Ke Xingli in the text of "design and implementation of a certain type of missile-borne data acquisition system", the data acquired by the missile-borne detector is compressed based on an LZW compression algorithm, the LZW algorithm needs to dynamically create a dictionary according to the input data, and for waveform signals with large amplitude ranges, the compression effect is limited by the capacity of a memory in a chip, the complexity of the algorithm and the instantaneity.
Disclosure of Invention
The invention aims to provide a method for compressing detection signal data of a missile-borne detector, which can realize effective compression of data volume under the condition of ensuring that original information is not basically lost.
The technical solution for realizing the purpose of the invention is as follows: a method for compressing signal data detected by a missile-borne detector, comprising the steps of:
step 1, a one-dimensional waveform signal is detected by the missile-borne detector and is converted into a 16-bit digital signal A 0, and the step 2 is carried out.
And step 2, carrying out 6-layer wavelet decomposition on the 16-bit digital signal to obtain a 6-level wavelet coefficient D x and a 1-level scale coefficient A 6, wherein the wavelet coefficient serial number x=1 and 2 … …. Wherein, the 'db 4' wavelet is selected as the wavelet base. The data bit width of the digital signal A 0 is 16 bits; the bit width of each level of coefficients obtained through decomposition is the same as the bit width of the data point of the digital signal A 0, and is 16 bits, the sum of the points of each level of coefficients obtained through decomposition is equal to the number of the data points of the digital signal A 0, and the step 3 is carried out.
And 3, respectively carrying out low-order width quantization on the 6-level wavelet coefficient D x and the 1-level scale coefficient A 6, namely, representing a 16-bit data point by 12 bits, 8 bits or 4 bits to obtain a quantized wavelet coefficient D 'x and a quantized scale coefficient A' 6 and obtain a quantized wavelet coefficient D 'x and a quantized scale coefficient A' 6.
And 4, splicing the quantized wavelet coefficient D 'x and the quantized scale coefficient A' 6 to obtain spliced data, and transferring to the step 5.
And 5, performing wavelet reconstruction on the spliced data to obtain a reconstructed signal A' 0, namely a compressed signal.

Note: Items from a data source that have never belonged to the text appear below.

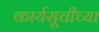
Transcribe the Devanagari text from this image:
कार्यसूचीच्या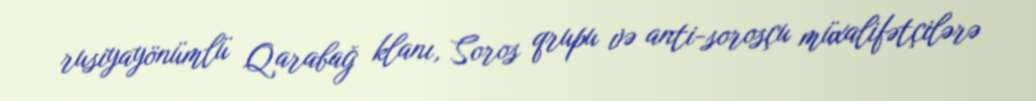
rusiyayönümlü Qarabağ klanı, Soros qrupu və anti-sorosçu müxalifətçilərə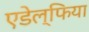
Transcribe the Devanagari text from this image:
एडेल्फिया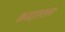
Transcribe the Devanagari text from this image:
क्राइस्लर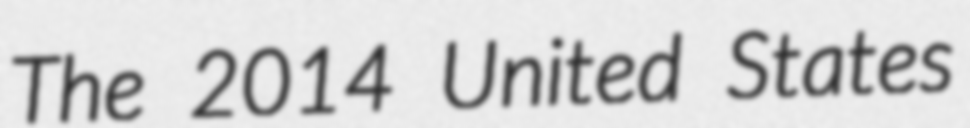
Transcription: The 2014 United States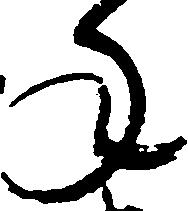
年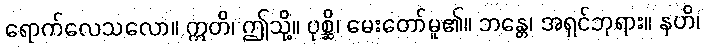
ရောက်လေသလော။ ဣတိ၊ ဤသို့။ ပုစ္ဆိ၊ မေးတော်မူ၏။ ဘန္တေ၊ အရှင်ဘုရား။ နဟိ၊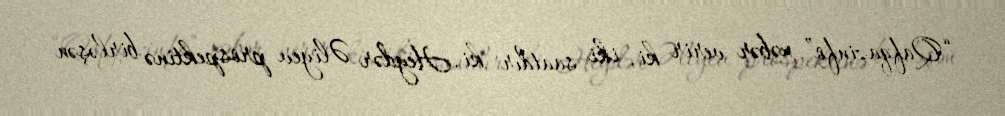
“Qafqazinfo” xəbər verir ki, iki saatdır ki, Heydər Əliyev prospektinə birləşən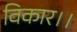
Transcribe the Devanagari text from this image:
विकार।।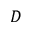
D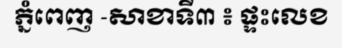
ភ្នំពេញ -សាខាទី៣ ៖ ផ្ទះលេខ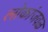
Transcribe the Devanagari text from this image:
लोकांजवळ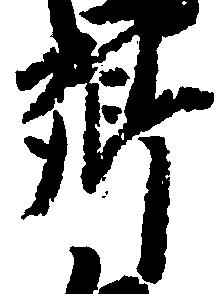
郷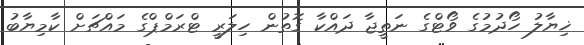
ޚިޔާލު ހޯދުމުގެ ވޯޓްގެ ނަތީޖާ ދައްކާ ގޮތުން ހިލަރީ ޓްރަމްޕްގެ މައްޗަށް ކާމިޔާބު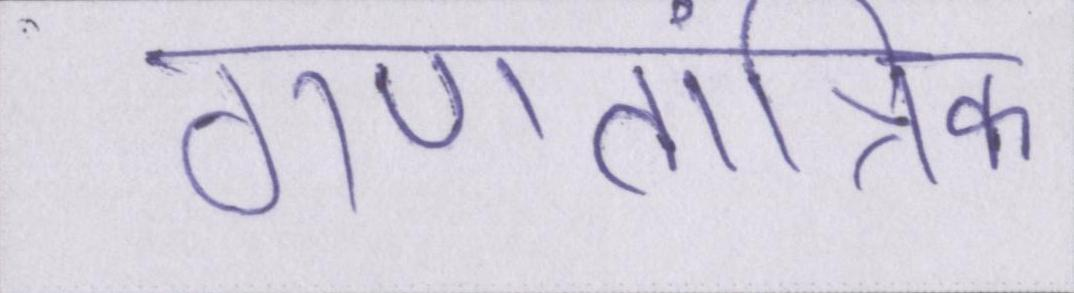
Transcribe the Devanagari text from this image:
गणतांत्रिक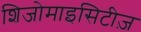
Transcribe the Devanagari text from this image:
शिजोमाइसिटीज़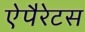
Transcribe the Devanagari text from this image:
ऐपैरेटस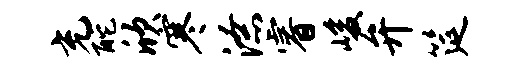
充酡欣寒潦睿峻弁筵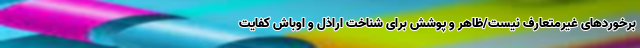
برخوردهای غیرمتعارف نیست/ظاهر و پوشش برای شناخت اراذل و اوباش کفایت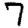
Digit: 7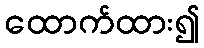
ထောက်ထား၍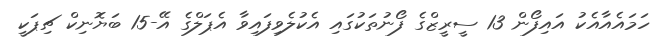
ހަމައެއާއެކު އައިފޯން 13 ސީރީޒްގެ ފޯނުތަކުގައި އެކުލެވިފައިވާ އެޕަލްގެ އޭ-15 ބަޔޮނިކް ޗިޕަކީ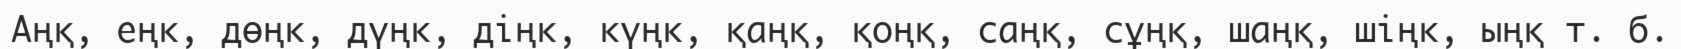
Аңқ, еңк, дөңк, дүңк, діңк, күңк, қаңқ, қоңқ, саңқ, сұңқ, шаңқ, шіңк, ыңқ т. б.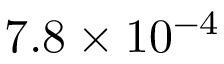
7 . 8 \times 1 0 ^ { - 4 }

Compared with the prior art, the invention has the remarkable advantages that:
According to the invention, original detection data is decomposed into 6-level wavelet coefficients and 1-level scale coefficients through wavelet transformation, and the sum of the points of each level of coefficients in the decomposition process is equal to the number of the undecomposed data; and the quantized coefficients are spliced and then subjected to data transmission and storage, so that the bus bandwidth of the missile-borne computer is improved. And carrying out wavelet reconstruction on each level of coefficients after splicing to obtain reconstruction data. Under the condition that the original data information is kept basically not lost, the data quantity of the reconstructed data is reduced, and storage and transmission resources are saved.
Drawings
FIG. 1 is a flow chart of a method for compressing signal data detected by a missile-borne detector in accordance with the present invention.
Fig. 2 is a schematic diagram of original data and 6 th layer scale factor and wavelet coefficient obtained by wavelet decomposition in step 2.

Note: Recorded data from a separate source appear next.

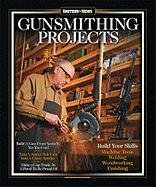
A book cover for Shotgun News Gunsmithing Projects Book; Shotgun News Staff; Crafts, Hobbies & Home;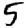
Digit: 5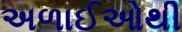
અળાઈઓથી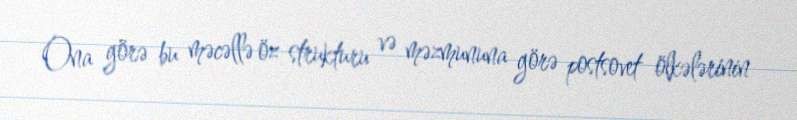
Ona görə bu məcəllə öz strukturu və məzmununa görə postsovet ölkələrinin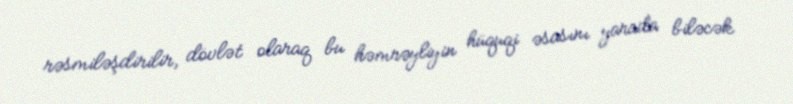
rəsmiləşdirilir, dövlət olaraq bu həmrəyliyin hüquqi əsasını yarada biləcək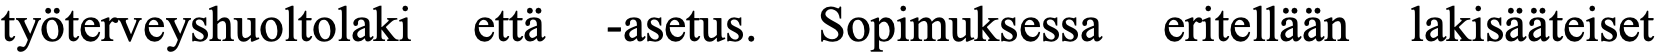
työterveyshuoltolaki että -asetus. Sopimuksessa eritellään lakisääteiset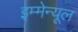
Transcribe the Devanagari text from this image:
इम्मेन्यूल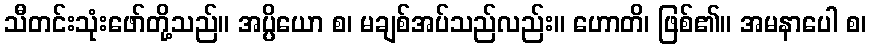
သီတင်းသုံးဖော်တို့သည်။ အပ္ပိယော စ၊ မချစ်အပ်သည်လည်း။ ဟောတိ၊ ဖြစ်၏။ အမနာပေါ စ၊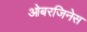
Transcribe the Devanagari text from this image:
ओबरजिनेस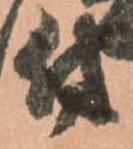
付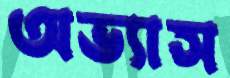
অভ্যাস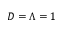
D = \Lambda = 1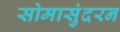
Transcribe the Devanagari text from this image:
सोमासुंदरन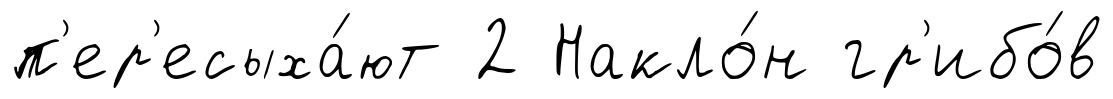
п'ер'есыха́ют 2 Накло́н гр'ибо́в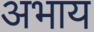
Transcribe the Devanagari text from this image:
अभाय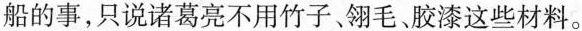
船的事，只说诸葛亮不用竹子、翎毛、胶漆这些材料。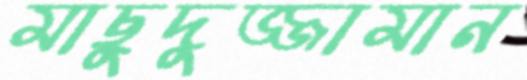
মাছুদুজ্জামান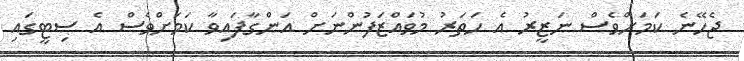
ޖެހޭނެ ކަމަށްވެސް ނަޒީރު އެ ހަތަރު މުވައްޒަފުންނަށް އަންގާފައިވާ ކަމަށްވެސް އެ ސިޓީގައި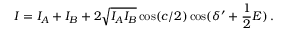
I = I _ { A } + I _ { B } + 2 \sqrt { I _ { A } I _ { B } } \cos ( c / 2 ) \cos ( \delta ^ { \prime } + \frac { 1 } { 2 } E ) \, .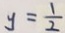
y = \frac { 1 } { 2 }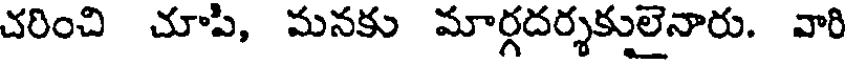
చరించి చూపి, మనకు మార్గదర్శకులైనారు. వారి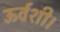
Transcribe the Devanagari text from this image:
ऊर्वशी।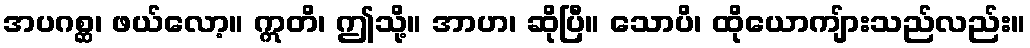
အပဂစ္ဆ၊ ဖယ်လော့။ ဣတိ၊ ဤသို့။ အာဟ၊ ဆိုပြီ။ သောပိ၊ ထိုယောကျ်ားသည်လည်း။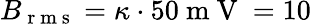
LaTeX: B_{\mathrm{~r~m~s~}}=\kappa\cdot 50\mathrm{~m~V~}=10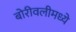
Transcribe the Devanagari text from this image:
बोरीवलीमध्ये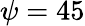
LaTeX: \psi=45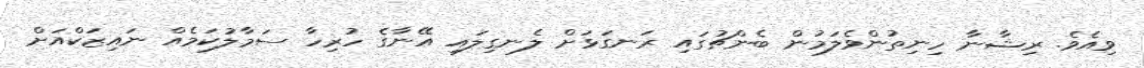
ވިއެވެ. ރިޝާނާ ހިނިތުންވެލަމުން ބެންޗުގައި ރަނގަޅަށް ލެނގިލައި އޭނާގެ ހުރިހާ ސަމާލުކަމެއް ނައިޒަކްއަށް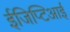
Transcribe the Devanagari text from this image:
ईजिप्टिआई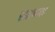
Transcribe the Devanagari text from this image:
सााधक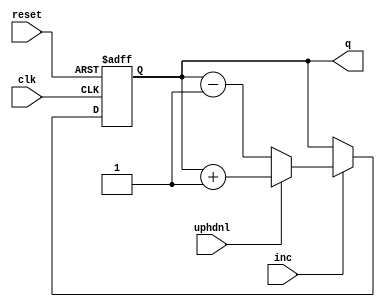
`timescale 1ns / 1ps
//****************************************************************//
//                                                                //
//  Class: CECS 360			                                       //
//  Project name: Project1_CECS360			                        //
//                                                                //
//  Created by Umar Khan 09/19/2017			.                       //
//                                                                //
//  Abstract: Increments or decrements based on the switch UPHDWL.//
//																						//
//****************************************************************//
module Counter(clk, reset, inc, uphdnl, q);

	input clk, reset;
	input uphdnl, inc;
	
	output [15:0] q;
	reg [15:0] q;

	always @(posedge clk, posedge reset)

		if (reset) q <= 8'b0;
		else
		if (inc) q <= (uphdnl)? q + 16'b1 : q - 16'b1;
	
endmodule

Fig. 3 shows the result of the different low bit-width representation of the scale factor a 6 in step 3.
Fig. 4 is a waveform comparison diagram of the reconstructed signal and the original signal in step 5.
Detailed Description
The invention is described in further detail below with reference to the accompanying drawings.
Referring to fig. 1, a method for compressing signal data detected by a missile-borne probe includes the steps of:
Step 1, the missile-borne detector detects a one-dimensional waveform signal (the signal has the characteristics that the targeted waveform is bell-shaped pulse, the non-targeted waveform is small fluctuation at a fixed voltage, as shown in fig. 2), and the signal is converted into a 16-bit (data point) digital signal A 0 through an ADC (analog to digital converter) of the missile-borne computer, and the step 2 is carried out.
Step 2, performing 6-layer wavelet decomposition on the 16-bit digital signal A 0 to obtain a 6-level wavelet coefficient D x and a 1-level scale coefficient A 6, wherein the wavelet coefficient serial number x=1, 2 … … 6, and the wavelet decomposition is preferably that the wavelet base is db4 wavelet.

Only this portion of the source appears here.